[Extracted data entries]
********************

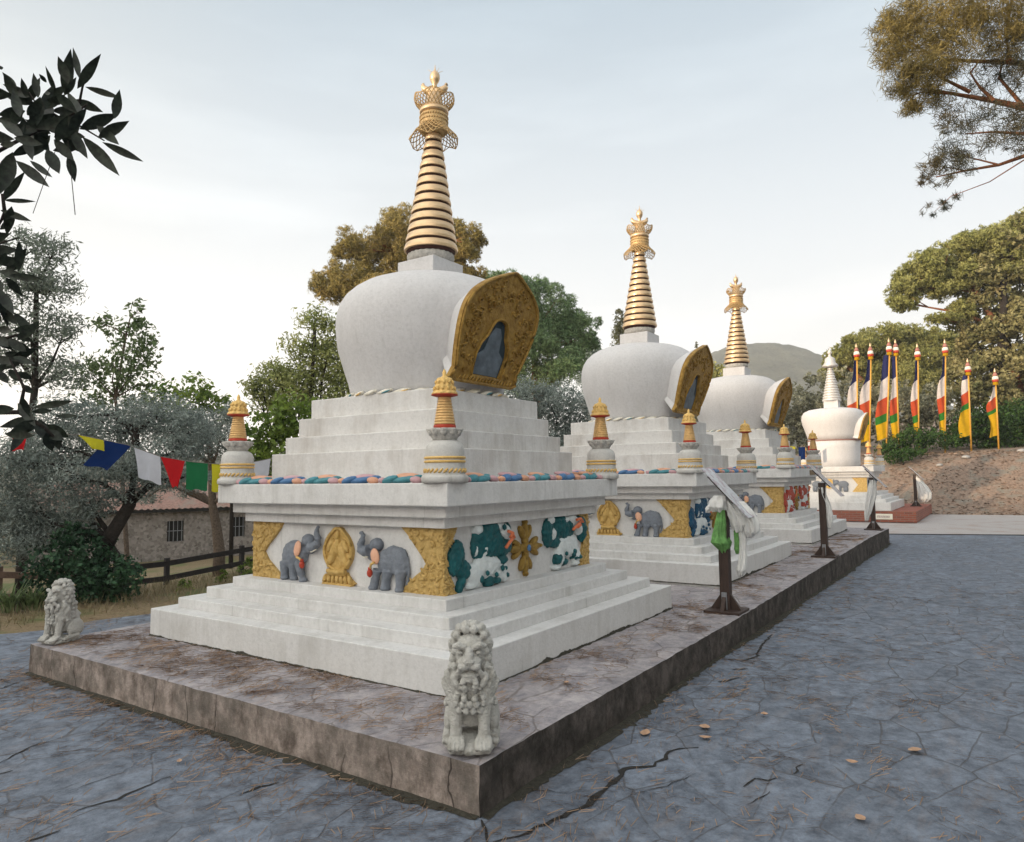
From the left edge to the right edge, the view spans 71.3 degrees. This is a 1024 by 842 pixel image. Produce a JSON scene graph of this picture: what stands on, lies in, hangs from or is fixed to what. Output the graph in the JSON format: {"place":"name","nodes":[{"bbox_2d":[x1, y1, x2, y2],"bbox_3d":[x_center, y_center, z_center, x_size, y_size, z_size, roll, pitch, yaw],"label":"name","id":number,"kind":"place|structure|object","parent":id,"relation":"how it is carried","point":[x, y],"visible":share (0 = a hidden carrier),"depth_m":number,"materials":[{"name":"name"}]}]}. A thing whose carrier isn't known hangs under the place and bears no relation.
{"place":"outdoors","nodes":[
{"label":"outdoors","id":0,"kind":"place"},
{"bbox_2d":[8,584,49,610],"bbox_3d":[-7.188,2.612,10.602,0.712,0.390,0.731,1,-5,-25],"label":"iris clump","id":1,"kind":"object","parent":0,"point":[32,598],"visible":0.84,"depth_m":10.54,"materials":[{"name":"green plant"}]},
{"bbox_2d":[0,566,251,629],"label":"dry grass","id":2,"kind":"structure","parent":0,"point":[167,588],"depth_m":11.62,"materials":[{"name":"plant"}]},
{"bbox_2d":[0,427,807,493],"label":"hills","id":3,"kind":"structure","parent":0,"point":[794,444],"depth_m":218.97,"materials":[{"name":"green plant"}]},
{"bbox_2d":[0,534,1023,841],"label":"pavement","id":4,"kind":"structure","parent":0,"point":[942,572],"depth_m":4.68,"materials":[{"name":"stone"}]},
{"bbox_2d":[0,48,142,451],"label":"laurel tree","id":5,"kind":"object","parent":4,"relation":"on","point":[37,128],"visible":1,"depth_m":1.99,"materials":[{"name":"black plant"}]},
{"bbox_2d":[0,627,799,841],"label":"pavement crack","id":6,"kind":"object","parent":4,"relation":"on","point":[621,771],"visible":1,"depth_m":4.23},
{"bbox_2d":[24,527,890,819],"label":"platform","id":7,"kind":"structure","parent":4,"relation":"on","point":[516,763],"depth_m":5.29,"materials":[{"name":"grey stone"}]},
{"bbox_2d":[37,578,83,644],"bbox_3d":[-4.433,1.871,7.050,0.292,0.631,0.393,-2,-5,17],"label":"stone lion","id":8,"kind":"object","parent":7,"relation":"on","point":[62,613],"visible":0.99,"depth_m":6.95},
{"bbox_2d":[148,68,672,696],"bbox_3d":[-0.950,-0.916,8.020,4.024,6.460,4.024,-4,-5,34],"label":"stupa","id":9,"kind":"object","parent":7,"relation":"on","point":[414,498],"visible":1,"depth_m":6.96,"materials":[{"name":"paint"}]},
{"bbox_2d":[0,433,285,491],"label":"prayer flag string","id":10,"kind":"object","parent":9,"relation":"hanging from","point":[107,455],"visible":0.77,"depth_m":8.24,"materials":[{"name":"multicoloured fabric"}]},
{"bbox_2d":[54,534,868,739],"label":"pine needles","id":11,"kind":"object","parent":7,"relation":"on","point":[217,656],"visible":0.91,"depth_m":5.97,"materials":[{"name":"brown plant"}]},
{"bbox_2d":[441,619,500,755],"bbox_3d":[-0.241,1.545,4.208,0.340,0.735,0.456,-1,-4,0],"label":"stone lion","id":12,"kind":"object","parent":7,"relation":"on","point":[470,681],"visible":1,"depth_m":4.07},
{"bbox_2d":[560,206,791,587],"bbox_3d":[2.241,-0.659,12.591,4.024,6.460,4.024,-4,-5,34],"label":"stupa","id":13,"kind":"object","parent":7,"relation":"on","point":[653,520],"visible":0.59,"depth_m":11.48,"materials":[{"name":"paint"}]},
{"bbox_2d":[701,468,756,615],"bbox_3d":[2.482,1.345,8.119,0.537,1.627,0.400,-4,-5,34],"label":"sign stand","id":14,"kind":"object","parent":7,"relation":"on","point":[725,602],"visible":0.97,"depth_m":8.08,"materials":[{"name":"black metal"}]},
{"bbox_2d":[711,510,738,553],"bbox_3d":[2.418,1.258,8.117,0.301,0.517,0.295,-4,-5,34],"label":"scarf","id":15,"kind":"object","parent":14,"relation":"hanging from","point":[720,541],"visible":0.94,"depth_m":8.08,"materials":[{"name":"green fabric"}]},
{"bbox_2d":[705,495,759,576],"bbox_3d":[2.509,1.304,8.106,0.593,0.912,0.248,-2,-5,20],"label":"scarf","id":16,"kind":"object","parent":14,"relation":"hanging from","point":[743,526],"visible":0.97,"depth_m":8.05,"materials":[{"name":"white fabric"}]},
{"bbox_2d":[697,275,846,545],"bbox_3d":[5.468,-0.414,17.344,4.024,6.460,4.024,-4,-5,34],"label":"stupa","id":17,"kind":"object","parent":7,"relation":"on","point":[775,498],"visible":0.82,"depth_m":16.39,"materials":[{"name":"paint"}]},
{"bbox_2d":[808,465,844,557],"bbox_3d":[5.578,1.583,12.623,0.537,1.627,0.400,-4,-5,34],"label":"sign stand","id":18,"kind":"object","parent":7,"relation":"on","point":[824,550],"visible":1,"depth_m":12.60,"materials":[{"name":"brown metal"}]},
{"bbox_2d":[821,487,832,528],"bbox_3d":[5.561,1.544,12.648,0.221,0.732,0.162,-4,-5,34],"label":"scarf","id":19,"kind":"object","parent":18,"relation":"hanging from","point":[829,514],"visible":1,"depth_m":12.59,"materials":[{"name":"white fabric"}]},
{"bbox_2d":[861,465,886,530],"bbox_3d":[9.132,1.918,17.935,0.537,1.627,0.400,-4,-5,34],"label":"sign stand","id":20,"kind":"object","parent":7,"relation":"on","point":[873,525],"visible":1,"depth_m":17.89,"materials":[{"name":"brown metal"}]},
{"bbox_2d":[864,480,876,520],"bbox_3d":[9.034,2.007,17.977,0.312,1.042,0.248,-4,-5,34],"label":"scarf","id":21,"kind":"object","parent":20,"relation":"hanging from","point":[871,495],"visible":1,"depth_m":17.92,"materials":[{"name":"white fabric"}]},
{"bbox_2d":[0,575,1023,841],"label":"pine needles","id":22,"kind":"object","parent":4,"relation":"on","point":[172,739],"visible":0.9,"depth_m":4.74,"materials":[{"name":"brown plant"}]},
{"bbox_2d":[640,729,649,734],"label":"fallen leaf","id":23,"kind":"object","parent":4,"relation":"on","point":[644,731],"visible":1,"depth_m":5.07,"materials":[{"name":"brown plant"}]},
{"bbox_2d":[699,724,709,727],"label":"fallen leaf","id":24,"kind":"object","parent":4,"relation":"on","point":[704,725],"visible":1,"depth_m":5.17,"materials":[{"name":"brown plant"}]},
{"bbox_2d":[845,759,857,762],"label":"fallen leaf","id":25,"kind":"object","parent":4,"relation":"on","point":[851,761],"visible":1,"depth_m":4.50,"materials":[{"name":"brown plant"}]},
{"bbox_2d":[855,814,865,819],"bbox_3d":[1.842,2.097,3.770,0.049,0.010,0.100,-9,-12,-2],"label":"fallen leaf","id":26,"kind":"object","parent":4,"relation":"on","point":[859,816],"visible":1,"depth_m":3.78,"materials":[{"name":"brown plant"}]},
{"bbox_2d":[908,747,920,750],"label":"fallen leaf","id":27,"kind":"object","parent":4,"relation":"on","point":[914,749],"visible":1,"depth_m":4.69,"materials":[{"name":"brown plant"}]},
{"bbox_2d":[864,0,1023,219],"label":"pine tree","id":28,"kind":"object","parent":4,"relation":"on","point":[900,33],"visible":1,"depth_m":12.37,"materials":[{"name":"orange plant"}]},
{"bbox_2d":[895,534,1023,535],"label":"path joint","id":29,"kind":"object","parent":4,"relation":"on","point":[957,534],"visible":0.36,"depth_m":20.39,"materials":[{"name":"grey concrete"}]},
{"bbox_2d":[0,421,1023,633],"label":"ground","id":30,"kind":"structure","parent":0,"point":[991,469],"depth_m":32.87,"materials":[{"name":"brown soil"}]},
{"bbox_2d":[0,579,12,609],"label":"iris clump","id":31,"kind":"object","parent":30,"relation":"on","point":[5,591],"visible":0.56,"depth_m":10.80,"materials":[{"name":"green plant"}]},
{"bbox_2d":[0,577,35,612],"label":"iris clump","id":32,"kind":"object","parent":30,"relation":"on","point":[11,601],"visible":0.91,"depth_m":10.41,"materials":[{"name":"green plant"}]},
{"bbox_2d":[0,566,72,606],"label":"rail fence","id":33,"kind":"object","parent":30,"relation":"on","point":[4,574],"visible":0.14,"depth_m":12.49,"materials":[{"name":"brown wood"}]},
{"bbox_2d":[0,224,98,593],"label":"feathery tree","id":34,"kind":"object","parent":30,"relation":"on","point":[42,287],"visible":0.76,"depth_m":12.93,"materials":[{"name":"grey plant"}]},
{"bbox_2d":[16,520,147,603],"bbox_3d":[-6.670,2.310,11.170,1.831,1.496,1.240,0,-5,-13],"label":"shrub","id":35,"kind":"object","parent":30,"relation":"on","point":[80,568],"visible":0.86,"depth_m":11.05,"materials":[{"name":"green plant"}]},
{"bbox_2d":[81,505,126,595],"bbox_3d":[-7.203,2.318,12.556,0.814,1.732,0.407,-1,-4,1],"label":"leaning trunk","id":36,"kind":"object","parent":30,"relation":"on","point":[99,526],"visible":0.12,"depth_m":12.57,"materials":[{"name":"brown plant"}]},
{"bbox_2d":[0,387,223,601],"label":"olive tree","id":37,"kind":"object","parent":30,"relation":"on","point":[22,506],"visible":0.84,"depth_m":11.67,"materials":[{"name":"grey plant"}]},
{"bbox_2d":[66,297,169,579],"bbox_3d":[-8.382,0.506,14.886,2.067,6.206,1.826,-4,-5,34],"label":"robinia tree","id":38,"kind":"object","parent":30,"relation":"on","point":[136,325],"visible":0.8,"depth_m":14.96,"materials":[{"name":"green plant"}]},
{"bbox_2d":[28,482,253,566],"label":"stone house","id":39,"kind":"structure","parent":30,"relation":"on","point":[171,526],"depth_m":29.85,"materials":[{"name":"stone"}]},
{"bbox_2d":[167,521,182,541],"bbox_3d":[-14.139,4.612,29.913,0.640,0.850,0.160,2,-5,-34],"label":"window","id":40,"kind":"structure","parent":39,"relation":"in","point":[174,528],"depth_m":29.92,"materials":[{"name":"metal"}]},
{"bbox_2d":[234,517,243,536],"bbox_3d":[-12.081,4.634,31.298,0.640,0.850,0.160,2,-5,-34],"label":"window","id":41,"kind":"structure","parent":39,"relation":"in","point":[238,521],"depth_m":31.37,"materials":[{"name":"metal"}]},
{"bbox_2d":[78,545,252,590],"bbox_3d":[-6.619,3.390,15.710,0.323,1.375,5.827,-4,-5,36],"label":"rail fence","id":42,"kind":"object","parent":30,"relation":"on","point":[166,563],"visible":0.27,"depth_m":15.44,"materials":[{"name":"black wood"}]},
{"bbox_2d":[176,578,193,591],"bbox_3d":[-5.738,2.963,12.604,0.459,0.359,0.294,-1,-4,-1],"label":"shrub","id":43,"kind":"object","parent":30,"relation":"on","point":[184,583],"visible":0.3,"depth_m":12.60,"materials":[{"name":"green plant"}]},
{"bbox_2d":[144,370,234,568],"bbox_3d":[-9.609,1.487,20.936,2.629,5.911,2.274,-4,-5,34],"label":"broadleaf tree","id":44,"kind":"object","parent":30,"relation":"on","point":[204,395],"visible":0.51,"depth_m":20.81,"materials":[{"name":"green plant"}]},
{"bbox_2d":[135,400,249,576],"bbox_3d":[-7.852,1.666,17.524,3.060,4.420,1.650,-2,-5,13],"label":"olive tree","id":45,"kind":"object","parent":30,"relation":"on","point":[210,500],"visible":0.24,"depth_m":17.41,"materials":[{"name":"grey plant"}]},
{"bbox_2d":[213,569,228,582],"bbox_3d":[-5.543,2.975,13.642,0.244,0.318,0.270,-4,-5,34],"label":"shrub","id":46,"kind":"object","parent":30,"relation":"on","point":[222,576],"visible":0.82,"depth_m":13.60,"materials":[{"name":"green plant"}]},
{"bbox_2d":[236,556,252,575],"bbox_3d":[-5.194,2.904,13.978,0.421,0.515,0.360,-4,-5,34],"label":"shrub","id":47,"kind":"object","parent":30,"relation":"on","point":[249,570],"visible":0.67,"depth_m":13.95,"materials":[{"name":"green plant"}]},
{"bbox_2d":[245,385,327,475],"bbox_3d":[-4.711,1.226,14.928,2.100,3.938,1.376,0,-5,-12],"label":"tree","id":48,"kind":"object","parent":30,"relation":"on","point":[288,427],"visible":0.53,"depth_m":14.72,"materials":[{"name":"green plant"}]},
{"bbox_2d":[237,301,349,430],"bbox_3d":[-5.431,0.292,18.932,3.448,6.980,2.796,-4,-5,34],"label":"broadleaf tree","id":49,"kind":"object","parent":30,"relation":"on","point":[324,350],"visible":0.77,"depth_m":18.79,"materials":[{"name":"green plant"}]},
{"bbox_2d":[306,201,488,305],"bbox_3d":[-5.009,-2.090,31.779,7.946,15.033,5.259,-3,-5,26],"label":"pine tree","id":50,"kind":"object","parent":30,"relation":"on","point":[337,283],"visible":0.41,"depth_m":31.42,"materials":[{"name":"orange plant"}]},
{"bbox_2d":[481,267,603,418],"bbox_3d":[1.082,-1.174,36.611,6.278,13.572,6.514,-4,-5,34],"label":"pine tree","id":51,"kind":"object","parent":30,"relation":"on","point":[566,328],"visible":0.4,"depth_m":36.37,"materials":[{"name":"green plant"}]},
{"bbox_2d":[503,375,590,446],"bbox_3d":[1.000,1.035,18.868,2.701,4.593,2.569,-4,-5,34],"label":"olive tree","id":52,"kind":"object","parent":30,"relation":"on","point":[549,394],"visible":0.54,"depth_m":18.75,"materials":[{"name":"grey plant"}]},
{"bbox_2d":[572,347,599,395],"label":"olive tree","id":53,"kind":"object","parent":30,"relation":"on","point":[578,380],"visible":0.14,"depth_m":24.04,"materials":[{"name":"green plant"}]},
{"bbox_2d":[610,308,624,345],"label":"cypress tree","id":54,"kind":"object","parent":30,"relation":"on","point":[618,329],"visible":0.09,"depth_m":51.78,"materials":[{"name":"green plant"}]},
{"bbox_2d":[712,361,725,377],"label":"broadleaf tree","id":55,"kind":"object","parent":30,"relation":"on","point":[718,370],"visible":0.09,"depth_m":49.58,"materials":[{"name":"green plant"}]},
{"bbox_2d":[775,370,845,454],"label":"scrub tree","id":56,"kind":"object","parent":30,"relation":"on","point":[798,409],"visible":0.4,"depth_m":45.60,"materials":[{"name":"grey plant"}]},
{"bbox_2d":[847,344,859,408],"bbox_3d":[18.698,-1.003,38.895,0.585,6.511,0.634,1,-5,-26],"label":"banner pole","id":57,"kind":"object","parent":30,"relation":"on","point":[852,399],"visible":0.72,"depth_m":38.97,"materials":[{"name":"white fabric"}]},
{"bbox_2d":[815,365,893,447],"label":"scrub tree","id":58,"kind":"object","parent":30,"relation":"on","point":[845,388],"visible":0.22,"depth_m":44.14,"materials":[{"name":"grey plant"}]},
{"bbox_2d":[859,343,873,449],"bbox_3d":[19.433,-1.075,38.957,0.835,6.435,0.532,-4,-5,34],"label":"banner pole","id":59,"kind":"object","parent":30,"relation":"on","point":[865,401],"visible":0.81,"depth_m":38.96,"materials":[{"name":"multicoloured fabric"}]},
{"bbox_2d":[875,338,891,452],"bbox_3d":[20.372,-1.256,39.022,1.019,6.559,0.502,-2,-5,20],"label":"banner pole","id":60,"kind":"object","parent":30,"relation":"on","point":[881,415],"visible":1,"depth_m":38.98,"materials":[{"name":"multicoloured fabric"}]},
{"bbox_2d":[817,321,960,435],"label":"umbrella pine","id":61,"kind":"object","parent":30,"relation":"on","point":[908,338],"visible":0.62,"depth_m":54.80,"materials":[{"name":"green plant"}]},
{"bbox_2d":[890,339,899,447],"bbox_3d":[20.915,-1.260,38.967,0.539,6.455,0.611,-1,-4,-1],"label":"banner pole","id":62,"kind":"object","parent":30,"relation":"on","point":[894,412],"visible":0.98,"depth_m":38.98,"materials":[{"name":"multicoloured fabric"}]},
{"bbox_2d":[884,443,931,464],"bbox_3d":[20.514,1.721,37.006,2.432,1.188,1.606,0,-5,-16],"label":"hedge","id":63,"kind":"object","parent":30,"relation":"on","point":[904,456],"visible":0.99,"depth_m":36.83,"materials":[{"name":"green plant"}]},
{"bbox_2d":[911,344,920,447],"bbox_3d":[22.095,-1.173,38.925,0.484,6.170,0.582,1,-5,-20],"label":"banner pole","id":64,"kind":"object","parent":30,"relation":"on","point":[915,402],"visible":0.98,"depth_m":38.97,"materials":[{"name":"multicoloured fabric"}]},
{"bbox_2d":[873,379,959,448],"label":"scrub tree","id":65,"kind":"object","parent":30,"relation":"on","point":[926,401],"visible":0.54,"depth_m":41.28,"materials":[{"name":"green plant"}]},
{"bbox_2d":[873,424,961,457],"bbox_3d":[22.059,1.089,38.578,4.566,1.960,2.344,-2,-5,13],"label":"hedge","id":66,"kind":"object","parent":30,"relation":"on","point":[922,438],"visible":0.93,"depth_m":38.31,"materials":[{"name":"green plant"}]},
{"bbox_2d":[937,339,947,452],"bbox_3d":[23.515,-1.328,38.832,0.490,6.300,0.654,2,-5,-29],"label":"banner pole","id":67,"kind":"object","parent":30,"relation":"on","point":[941,397],"visible":0.96,"depth_m":38.89,"materials":[{"name":"multicoloured fabric"}]},
{"bbox_2d":[862,450,1023,514],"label":"leaf litter","id":68,"kind":"object","parent":30,"relation":"on","point":[962,453],"visible":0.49,"depth_m":34.39,"materials":[{"name":"brown plant"}]},
{"bbox_2d":[882,207,1023,439],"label":"umbrella pine","id":69,"kind":"object","parent":30,"relation":"on","point":[940,275],"visible":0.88,"depth_m":43.54,"materials":[{"name":"green plant"}]},
{"bbox_2d":[958,358,971,450],"bbox_3d":[24.576,-0.836,38.671,0.724,5.162,0.520,-1,-4,-1],"label":"banner pole","id":70,"kind":"object","parent":30,"relation":"on","point":[964,425],"visible":0.99,"depth_m":38.69,"materials":[{"name":"multicoloured fabric"}]},
{"bbox_2d":[935,212,1023,441],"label":"ivy tree","id":71,"kind":"object","parent":30,"relation":"on","point":[1008,319],"visible":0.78,"depth_m":43.29,"materials":[{"name":"green plant"}]},
{"bbox_2d":[938,395,1023,448],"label":"hedge","id":72,"kind":"object","parent":30,"relation":"on","point":[1011,426],"visible":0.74,"depth_m":39.91,"materials":[{"name":"green plant"}]},
{"bbox_2d":[986,368,999,448],"bbox_3d":[26.327,-0.635,38.928,0.661,4.544,0.439,0,-5,-10],"label":"banner pole","id":73,"kind":"object","parent":30,"relation":"on","point":[992,408],"visible":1,"depth_m":38.98,"materials":[{"name":"yellow fabric"}]},
{"bbox_2d":[0,0,1023,455],"label":"sky","id":74,"kind":"structure","parent":0,"point":[754,139],"materials":[{"name":"white"}]},
{"bbox_2d":[579,343,971,426],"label":"hills","id":75,"kind":"structure","parent":0,"point":[775,362],"depth_m":525.49,"materials":[{"name":"green plant"}]},
{"bbox_2d":[846,514,1023,534],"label":"gravel path","id":76,"kind":"structure","parent":0,"point":[971,524],"depth_m":24.34,"materials":[{"name":"beige gravel"}]},
{"bbox_2d":[817,504,931,522],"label":"brick plinth","id":77,"kind":"structure","parent":76,"relation":"on","point":[907,513],"depth_m":26.33,"materials":[{"name":"red brick"}]},
{"bbox_2d":[801,347,903,510],"bbox_3d":[13.123,0.226,29.152,4.400,6.583,4.400,-4,-5,34],"label":"stupa","id":78,"kind":"object","parent":77,"relation":"on","point":[836,428],"visible":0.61,"depth_m":28.12,"materials":[{"name":"white paint"}]},
{"bbox_2d":[790,445,809,459],"bbox_3d":[10.944,1.112,27.989,2.284,0.853,0.072,-1,-4,0],"label":"prayer flag string","id":79,"kind":"object","parent":78,"relation":"hanging from","point":[801,450],"visible":0.2,"depth_m":27.99,"materials":[{"name":"blue fabric"}]},
{"bbox_2d":[908,466,923,505],"bbox_3d":[16.617,2.677,29.267,0.537,1.627,0.400,-4,-5,34],"label":"sign stand","id":80,"kind":"object","parent":77,"relation":"on","point":[915,503],"visible":0.98,"depth_m":29.25,"materials":[{"name":"brown metal"}]},
{"bbox_2d":[916,476,931,501],"bbox_3d":[16.801,2.785,29.145,0.593,1.052,0.348,-4,-5,34],"label":"scarf","id":81,"kind":"object","parent":80,"relation":"hanging from","point":[924,493],"visible":1,"depth_m":29.04,"materials":[{"name":"white fabric"}]}
]}

********************

▸ WHAT IS REQUIRED
Find each line of the data above that holds the word "shrub", then copy it.

▸ PROBLEM SOLUTION
{"bbox_2d":[16,520,147,603],"bbox_3d":[-6.670,2.310,11.170,1.831,1.496,1.240,0,-5,-13],"label":"shrub","id":35,"kind":"object","parent":30,"relation":"on","point":[80,568],"visible":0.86,"depth_m":11.05,"materials":[{"name":"green plant"}]},
{"bbox_2d":[176,578,193,591],"bbox_3d":[-5.738,2.963,12.604,0.459,0.359,0.294,-1,-4,-1],"label":"shrub","id":43,"kind":"object","parent":30,"relation":"on","point":[184,583],"visible":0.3,"depth_m":12.60,"materials":[{"name":"green plant"}]},
{"bbox_2d":[213,569,228,582],"bbox_3d":[-5.543,2.975,13.642,0.244,0.318,0.270,-4,-5,34],"label":"shrub","id":46,"kind":"object","parent":30,"relation":"on","point":[222,576],"visible":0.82,"depth_m":13.60,"materials":[{"name":"green plant"}]},
{"bbox_2d":[236,556,252,575],"bbox_3d":[-5.194,2.904,13.978,0.421,0.515,0.360,-4,-5,34],"label":"shrub","id":47,"kind":"object","parent":30,"relation":"on","point":[249,570],"visible":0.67,"depth_m":13.95,"materials":[{"name":"green plant"}]},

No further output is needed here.